Death of Gen. Taylor.—The administration of Gen. Taylor was suddenly brought to a close, on the 9th of July, by his demise, on the evening of that day. His illness was brief, and occasioned by exposure and fatigue, while attending the celebration of the 4th of July. His funeral was attended by a large military display, by the officers of government and the representatives of foreign nations, and by an immense concourse of his fellow citizens.

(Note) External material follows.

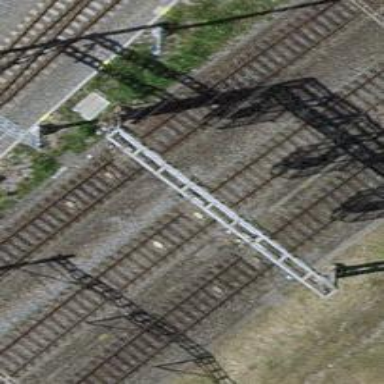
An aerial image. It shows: Railway signal.

This event was unexpected, and the more so, from the well known vigor of health always enjoyed by the President. It came upon the nation, as in the case of the death of the lamented Harrison, like the voice of an earthquake. Few could credit it; none were prepared for it. That he, who "had passed through severe military duties in the swamps of Florida, and on the plains of Mexico, unharmed by bullet or pestilence, should be struck down in the midst of his friends, and in the high station to which his country had raised him—it was thought passing strange."
In a former part of this work we have had occasion to sketch a portion of the military service rendered by Gen. Taylor, while in the employment of the Government. We have seen with what courage, skill, and bravery he bore himself at Palo Alto, Buena Vista, and on other fields, where victories were achieved which would have done credit to aNapoleon or a Wellington. During his entire military life, in the midst of his most brilliant victories, in the flush of all his military prosperity, he seems to have maintained an unaffected simplicity of character, a remarkable plainness of manners, an unbending integrity of soul, combined with kindness, moderation, and benevolence, calculated to win the admiration and confidence of all to whom he stood related.
"Returning, laurel-crowned and victorious, from a foreign war," as a writer remarks, "he was hailed from his first landing on his native strand, as the future President. With what unaffected modesty he received these new honors—how scrupulously he abstained from any and every step that might look like seeking this high office—how calmly and how simply, when installed as President, he bore his honors, we need not attempt to recite." From the day of his inauguration, to the day of his death, it is believed that he endeavored, as he expressed himself on his dying pillow, to do his duty. No one, perhaps, ever suspected him of "pursuing any crooked path in politics," or "having been actuated by sinister views and purposes." His administration was brief—only one year and four months—too brief to decide upon the policy which he might have deemed it his duty to pursue, in the difficult and trying times upon which the government had fallen, and amidst the perplexing questions which it was called to decide. It was fortunate for his reputation, perhaps, that he was removed at the precise juncture at which God called him to resign his exalted station. He had committed no error. He stood before the nation and the world, as the man of integrity—brilliant in his former military exploits—firm and patriotic in his brief civil career. He enjoyed the confidence of friends—he commanded the respect and admiration of political opponents. He died mourned and lamented by all. To what higher honors could a man wish to attain? What reputation more exalted, or more enviable, could he wish to leave behind him?Fortunate Senex!